I created this great personal web page for my wife and I to keep track of things such as addresses, appointments and such. It’s the most creative page I’ve ever made.

ragingloli's avatar

We recently finished this

VS's avatar

I used to make quilts which are a highly stylized art form, believe it or not. I took great pride in the craft of picking materials, patterns, cutting, sewing, stuffing, layering, quilting with the ultimate end result usually being something I would proudly display for a little while and then give away to a friend to enjoy the use of.
Most recently I loaded tons of old CDs into my Blackberry and am learning to use more or its wonderful features. That feels like an accomplishment of sorts!

janbb's avatar

In addition to the wonderful human beings I have somehow managed to raise, a poem I wrote and a few of my paintings.

glenjamin's avatar

@ragingloli that looks cool! I always wanted to design a video game. Don’t have the necessary skills though.

As for me, I have trouble being proud of my creations, which is what will prevent me from ever becoming a writer (an old dream of mine) because I don’t have faith in my work and I hold myself to high standards. That said, I have made some music that was featured in an independent video game, and I’m pretty proud of that, though I know I have a long way to go as far as music production goes.

seazen's avatar

I feel the same as the Bubby – sans paintings.

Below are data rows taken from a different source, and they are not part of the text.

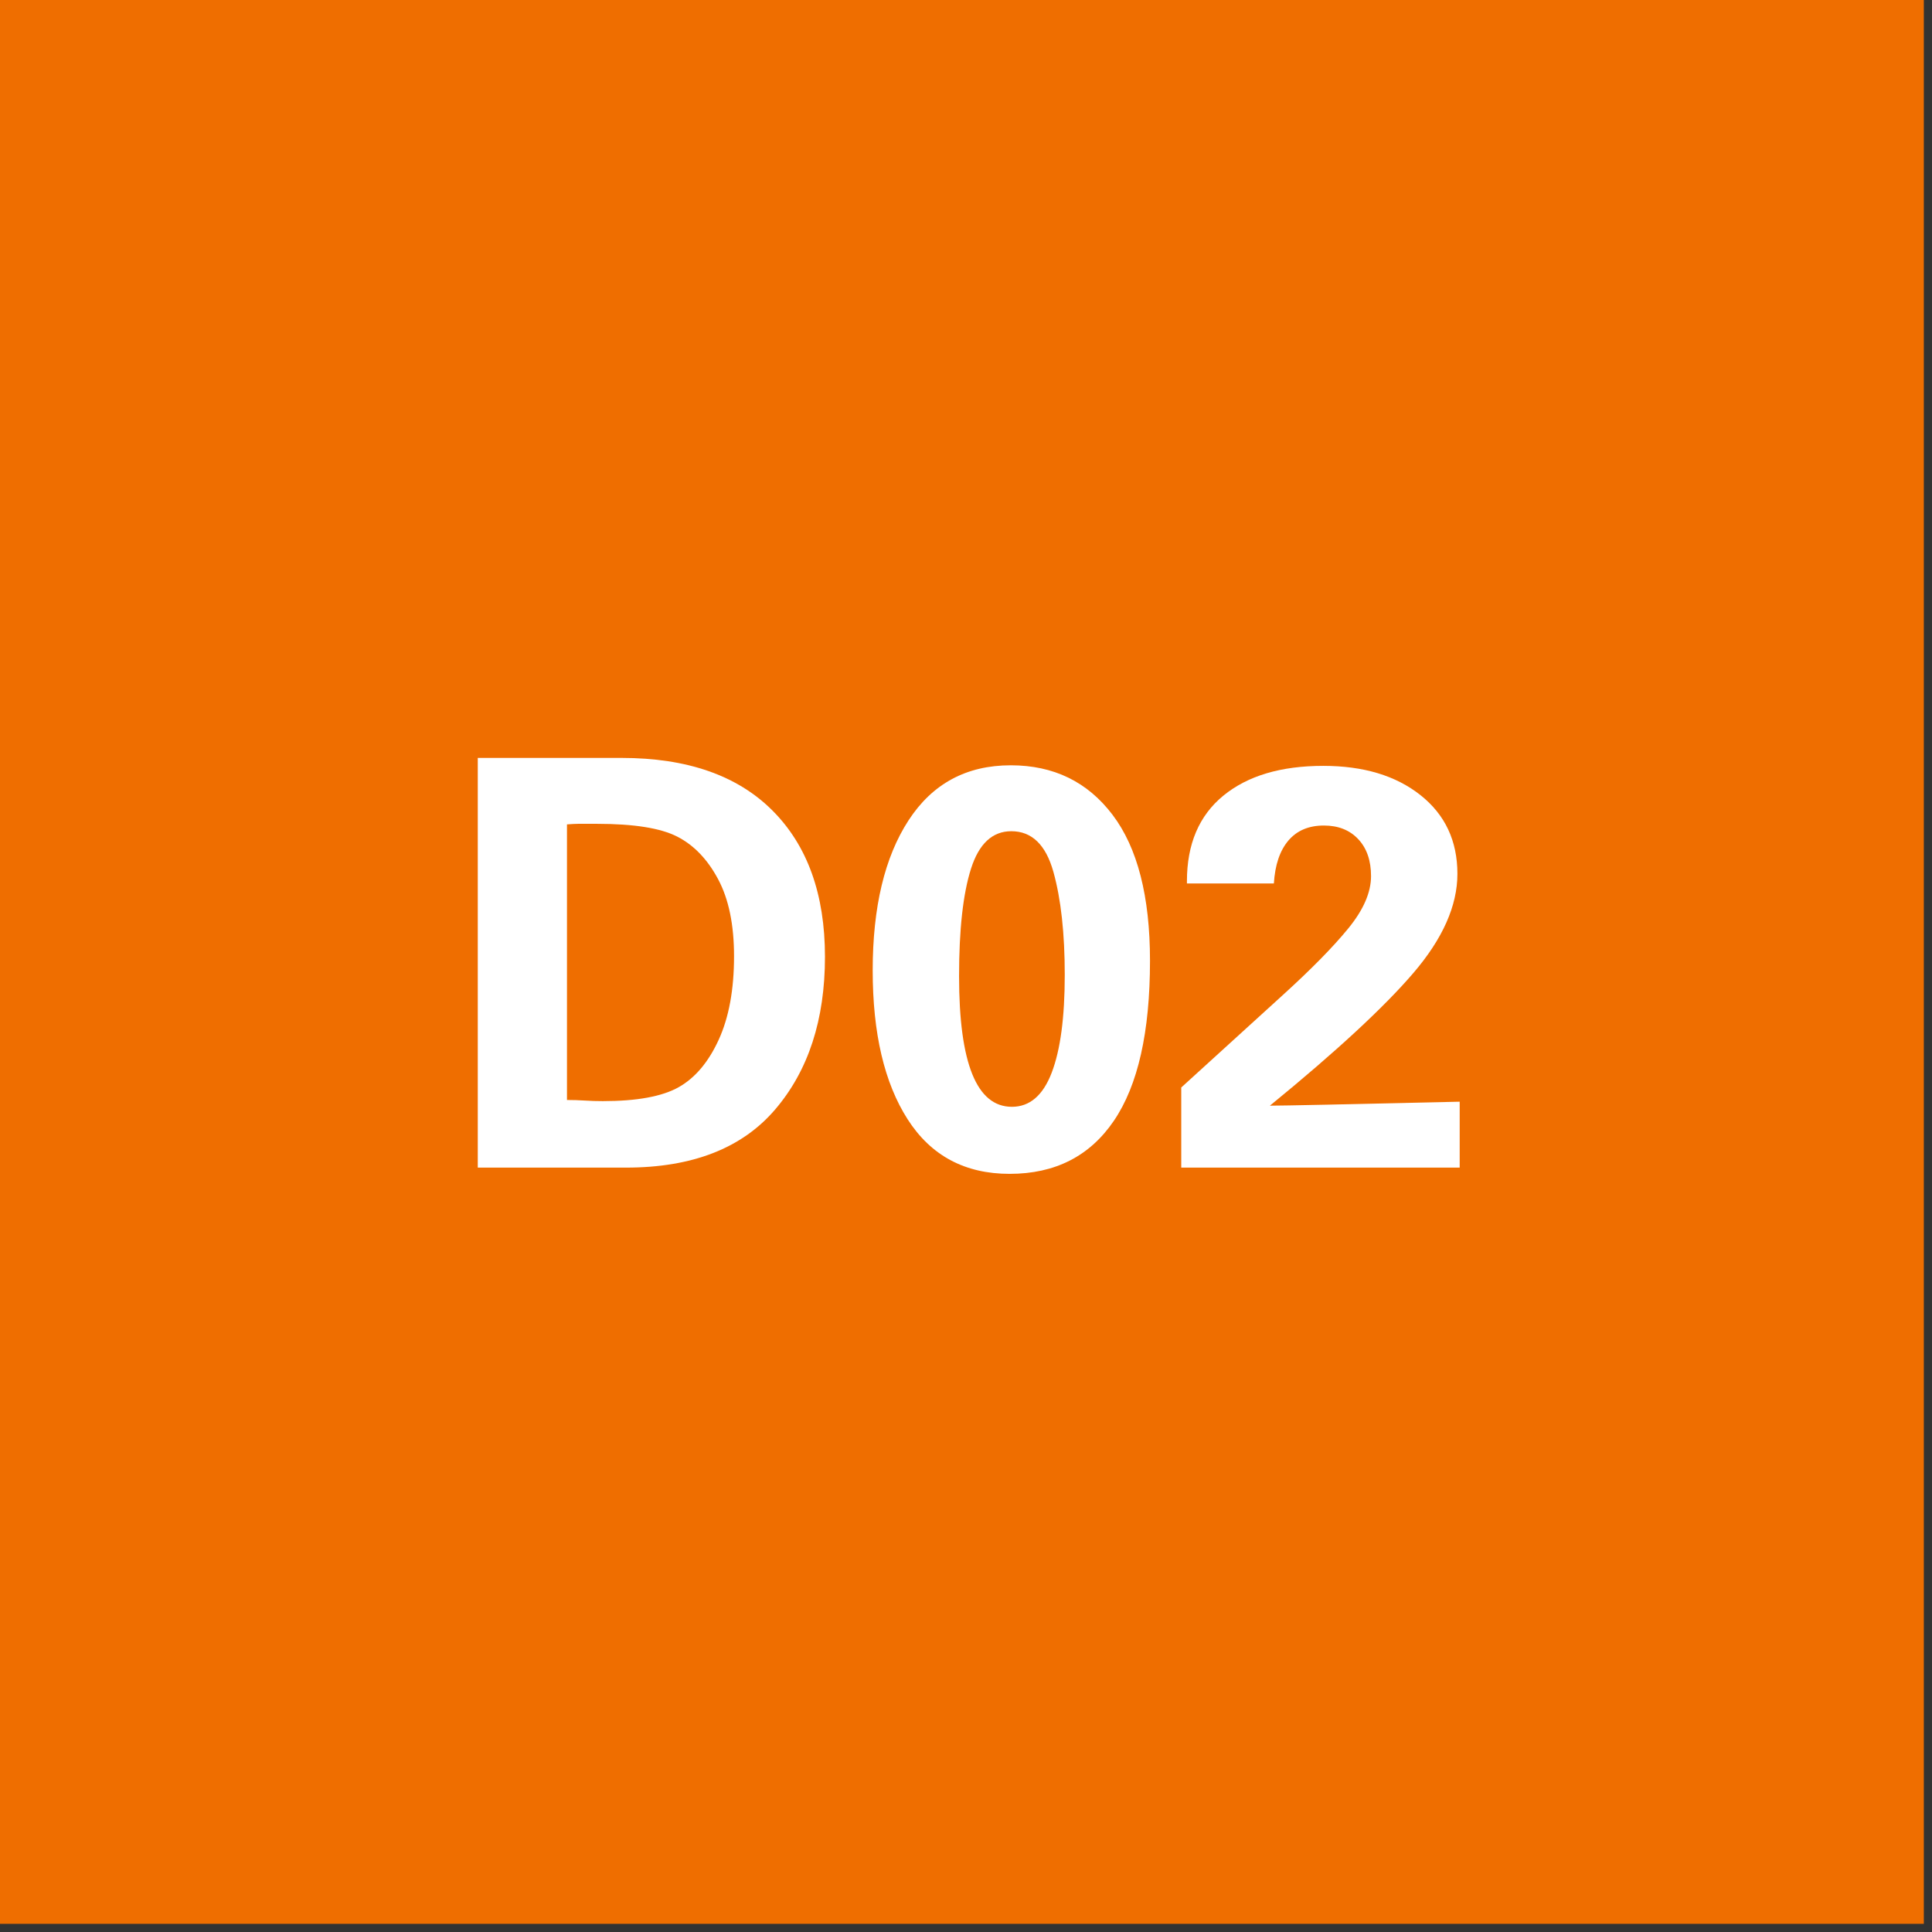 <?xml version="1.0" encoding="UTF-8" standalone="no"?><!DOCTYPE svg PUBLIC "-//W3C//DTD SVG 1.1//EN" "http://www.w3.org/Graphics/SVG/1.1/DTD/svg11.dtd"><svg width="100%" height="100%" viewBox="0 0 170 170" version="1.1" xmlns="http://www.w3.org/2000/svg" xmlns:xlink="http://www.w3.org/1999/xlink" xml:space="preserve" xmlns:serif="http://www.serif.com/" style="fill-rule:evenodd;clip-rule:evenodd;stroke-linejoin:round;stroke-miterlimit:2;"><rect x="0" y="0" width="170" height="170" fill="#333333" stroke="none"/><g><rect x="0" y="-0" width="169.281" height="169.281" style="fill:#ef6e00;"/><path d="M54.69,66.69c5.767,0 10.192,1.542 13.275,4.625c3.084,3.084 4.625,7.375 4.625,12.875c0,5.534 -1.458,10.009 -4.375,13.425c-2.916,3.417 -7.291,5.125 -13.125,5.125l-13.05,0l0,-36.05l12.65,0Zm-4.8,30.1c0.534,0 1.059,0.017 1.575,0.05c0.517,0.034 1.042,0.05 1.575,0.05c3,0 5.225,-0.408 6.675,-1.225c1.45,-0.816 2.625,-2.208 3.525,-4.175c0.9,-1.966 1.35,-4.416 1.35,-7.35c0,-2.766 -0.466,-5.025 -1.4,-6.775c-0.933,-1.75 -2.133,-3 -3.6,-3.75c-1.466,-0.75 -3.816,-1.125 -7.05,-1.125l-1.675,0c-0.216,0 -0.541,0.017 -0.975,0.05l0,24.25Z" style="fill:#fff;fill-rule:nonzero;"/><path d="M88.84,103.29c-3.933,0 -6.925,-1.6 -8.975,-4.8c-2.05,-3.2 -3.075,-7.566 -3.075,-13.1c0,-5.566 1.05,-9.966 3.15,-13.2c2.1,-3.233 5.1,-4.85 9,-4.85c3.767,0 6.75,1.45 8.95,4.35c2.2,2.9 3.3,7.184 3.3,12.85c0,6.267 -1.058,10.959 -3.175,14.075c-2.116,3.117 -5.175,4.675 -9.175,4.675Zm4.85,-17.5c0,-3.666 -0.333,-6.691 -1,-9.075c-0.666,-2.383 -1.9,-3.575 -3.7,-3.575c-1.666,0 -2.85,1.1 -3.55,3.3c-0.7,2.2 -1.05,5.35 -1.05,9.45c0,7.667 1.55,11.5 4.65,11.5c1.567,0 2.734,-1 3.5,-3c0.767,-2 1.15,-4.866 1.15,-8.6Z" style="fill:#fff;fill-rule:nonzero;"/><path d="M111.74,97.29c1.134,0 6.7,-0.116 16.7,-0.35l0,5.8l-24.5,0l0,-7.05l8.9,-8.1c2.534,-2.3 4.467,-4.266 5.8,-5.9c1.334,-1.633 2,-3.166 2,-4.6c0,-1.366 -0.375,-2.45 -1.125,-3.25c-0.75,-0.8 -1.758,-1.2 -3.025,-1.2c-1.333,0 -2.375,0.442 -3.125,1.325c-0.75,0.884 -1.175,2.142 -1.275,3.775l-7.65,0l0,-0.2c0,-3.266 1.067,-5.775 3.2,-7.525c2.134,-1.75 5.067,-2.625 8.8,-2.625c3.534,0 6.384,0.859 8.55,2.575c2.167,1.717 3.25,4.025 3.25,6.925c0,2.8 -1.291,5.709 -3.875,8.725c-2.583,3.017 -6.791,6.909 -12.625,11.675Z" style="fill:#fff;fill-rule:nonzero;"/></g></svg>
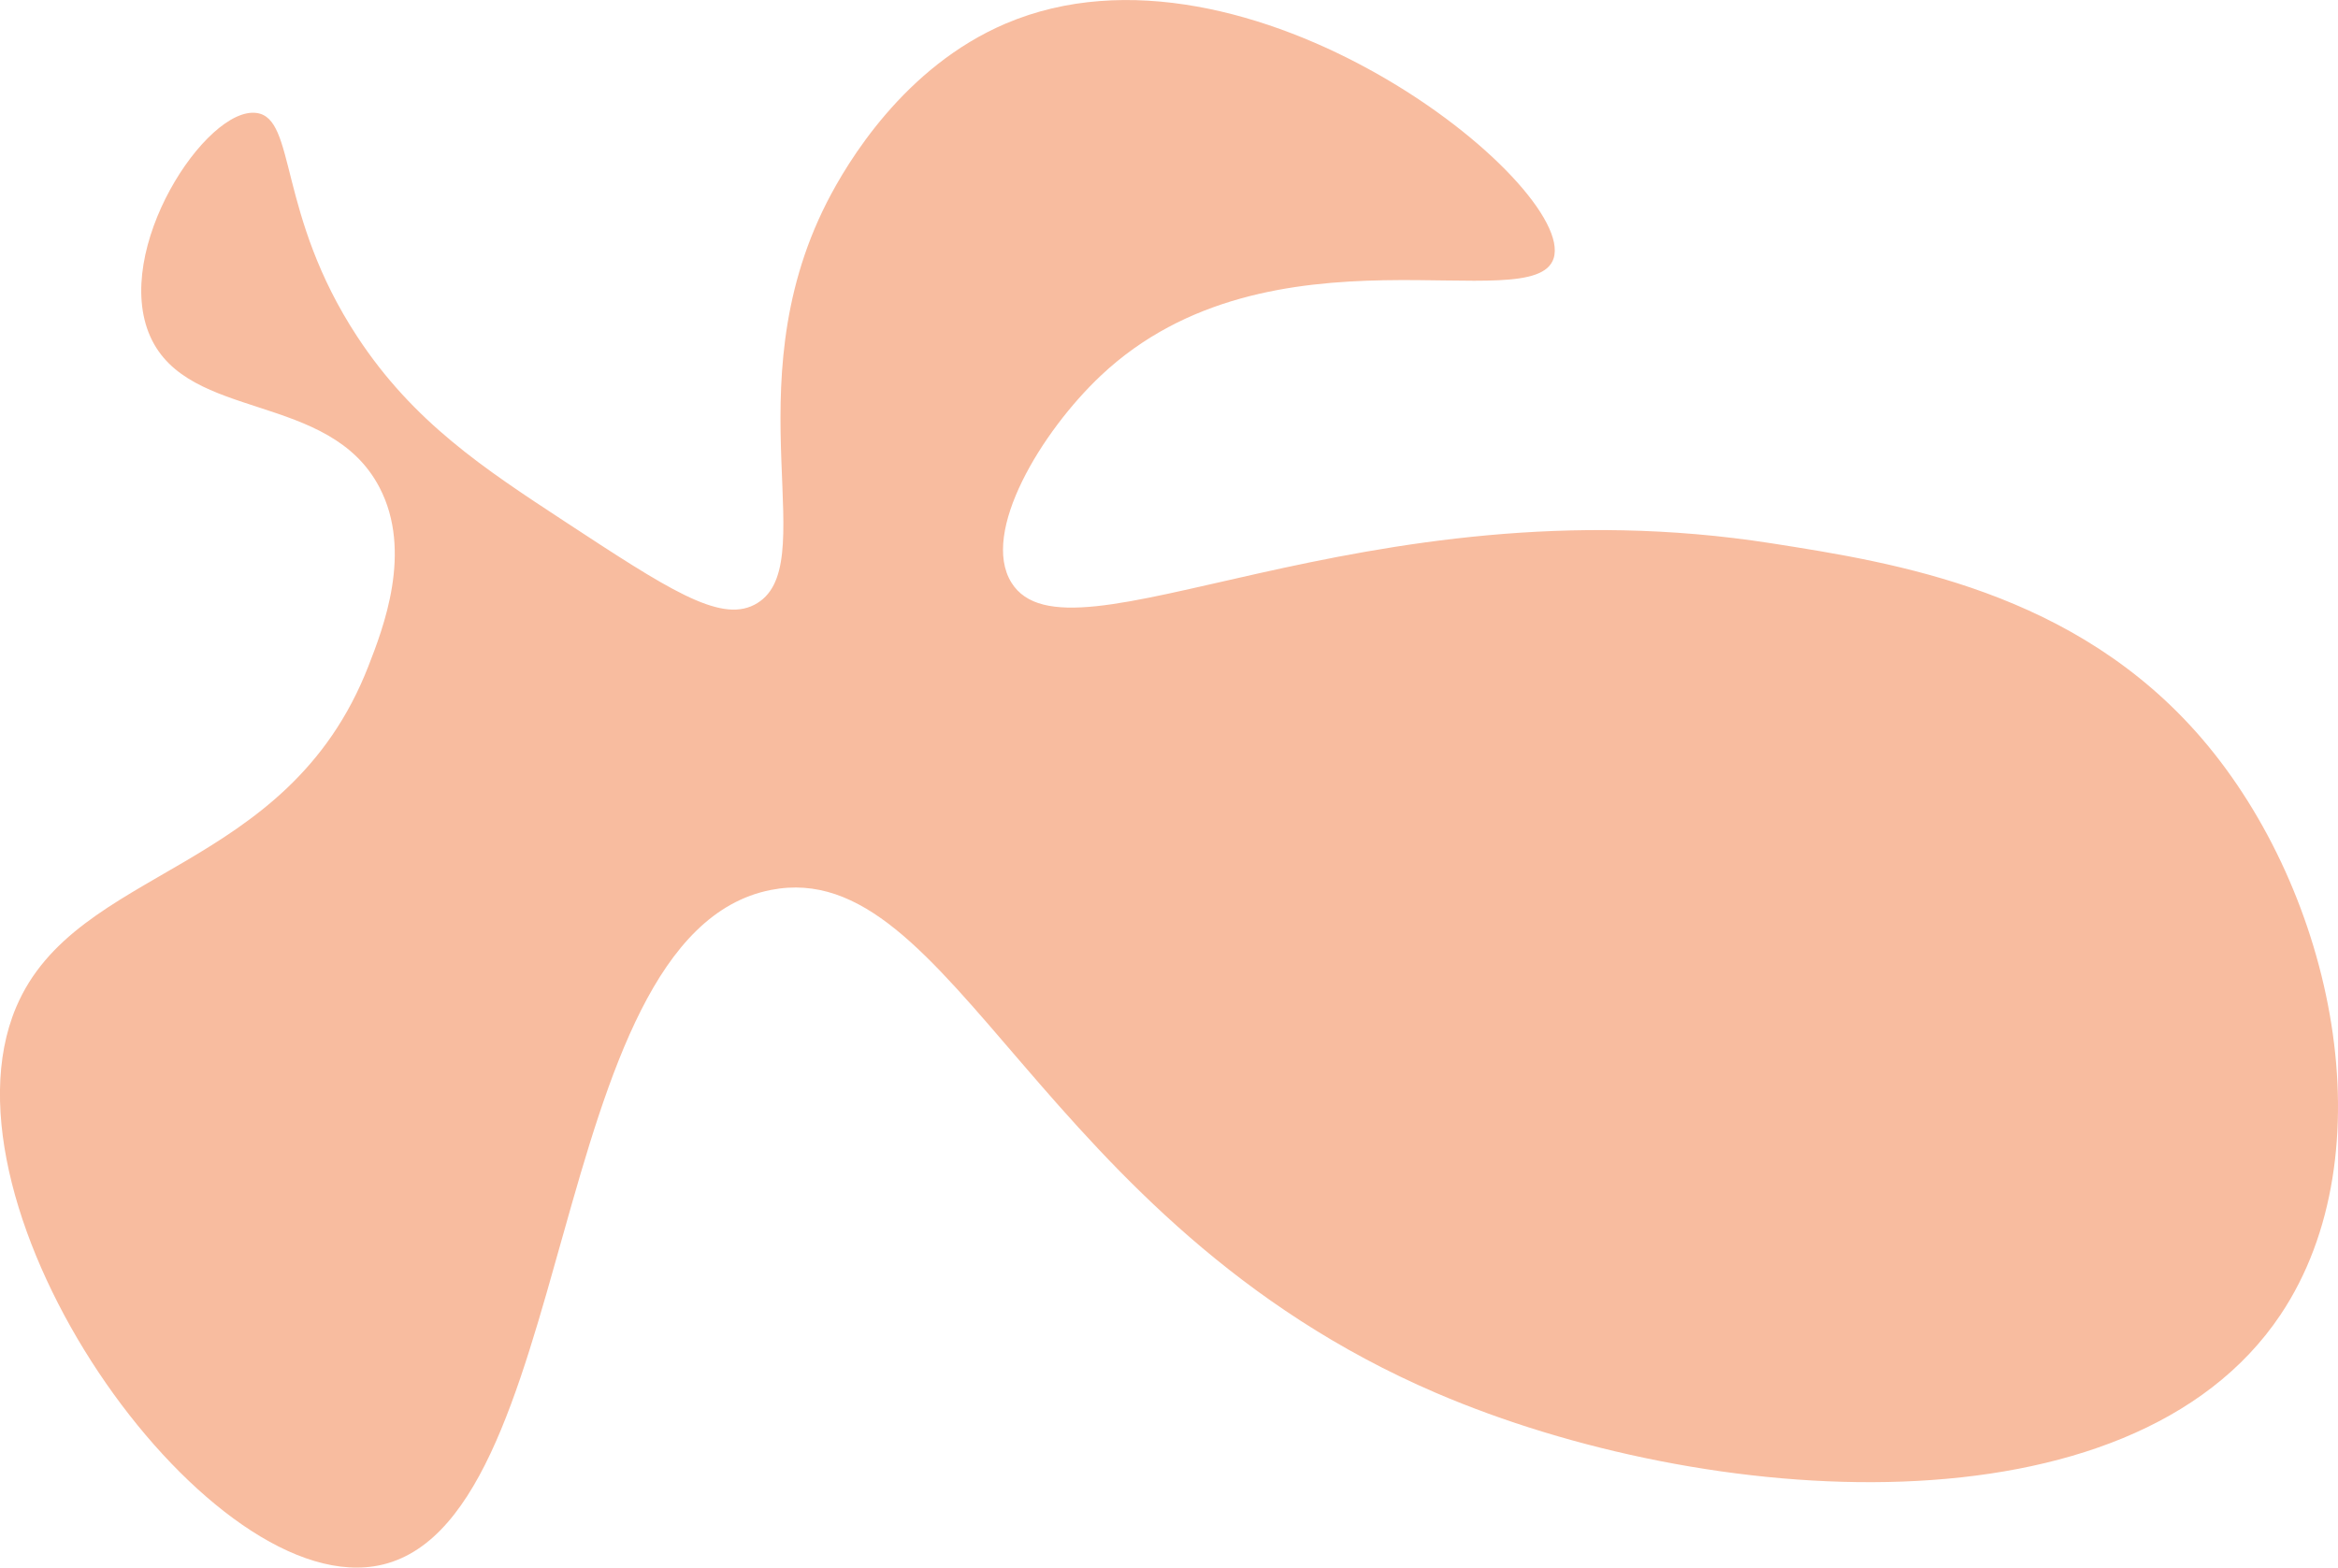 <?xml version="1.0" encoding="utf-8"?>
<!-- Generator: Adobe Illustrator 27.1.0, SVG Export Plug-In . SVG Version: 6.00 Build 0)  -->
<svg version="1.1" id="Laag_1" xmlns="http://www.w3.org/2000/svg" xmlns:xlink="http://www.w3.org/1999/xlink" x="0px" y="0px"
	 viewBox="0 0 612.92 411.04" style="enable-background:new 0 0 612.92 411.04;" xml:space="preserve">
<style type="text/css">
	.st0{opacity:0.2;fill:none;stroke:#3C3C3B;stroke-width:7;stroke-miterlimit:10;}
	.st1{fill:#F8BC9F;}
	
		.st2{clip-path:url(#SVGID_00000074434580713574428750000013868762728534185120_);fill:none;stroke:#3C3C3B;stroke-width:7;stroke-miterlimit:10;}
	.st3{fill:#ED6E5B;}
	.st4{fill:#C3DB99;}
</style>
<path class="st1" d="M376.52,365.26C271.98,320.39,249.89,223.98,202.1,233.35c-60.08,11.78-50.2,169.08-104.07,177.35
	c-45.15,6.94-116.11-93.75-93.81-146.57c15.72-37.23,71.01-34.68,92.34-89.41c3.87-9.94,11.72-30.06,2.93-46.9
	c-13.15-25.2-50.1-17.25-60.09-39.57C29.26,65.59,54.09,27.82,67.26,29.62c10.43,1.42,5.36,26.58,26.38,58.63
	c14.74,22.47,33.34,34.66,54.23,48.37c27.11,17.78,40.66,26.67,49.83,21.99c18.63-9.5-5.95-56.36,19.05-105.53
	c5.38-10.57,20.33-35.58,46.9-46.9C327.09-20.86,413.33,48.6,407.3,67.72c-5.11,16.23-74.29-11.11-118.72,30.78
	c-15.47,14.59-31.6,41.02-23.45,54.23c14.89,24.16,91.64-27.13,199.34-10.26c32.31,5.06,79.59,12.47,112.86,51.3
	c34.59,40.38,48.83,108.68,20.52,150.97C558.33,403.77,447.01,395.52,376.52,365.26z"/>
</svg>

I suck at drawing. Add a song or two.

wundayatta's avatar

@ragingloli Did you do the teaser or the game?

ragingloli's avatar

the teaser. the game does not exist yet

wundayatta's avatar

@ragingloli That is pretty awesome. I’m impressed.

Scooby's avatar

I practically rebuild my ex marital home, it was snapped up when it went on the market when I separated from my ex….. We made a tidy little profit but I was gutted to have to let it go, I put my heart & soul into that house…. I still keep tabs on it :-/
just to see what the new owners are up to.. Yes!! Sad I know!!…………. Over ten years on :-/

12Oaks's avatar

Song writer.

cak's avatar

I am in the final stages of writing a book. We’re in the editing process. I have a true lit agent and house that I’m dealing with. It’s not self-published. I’m getting nervous.

Bellatrix's avatar

I drew portraits of each of my children. They were done in pencil and were about A3 size. I was going to frame each one. Sighs… then while they were in the drawing pad, my ex husband put a damp car manual on top of them and they went mouldy! I never did get around to repeating the process. It sort of took the wind out of my sails. They were lovely though and although I say it myself, I did a damn fine job!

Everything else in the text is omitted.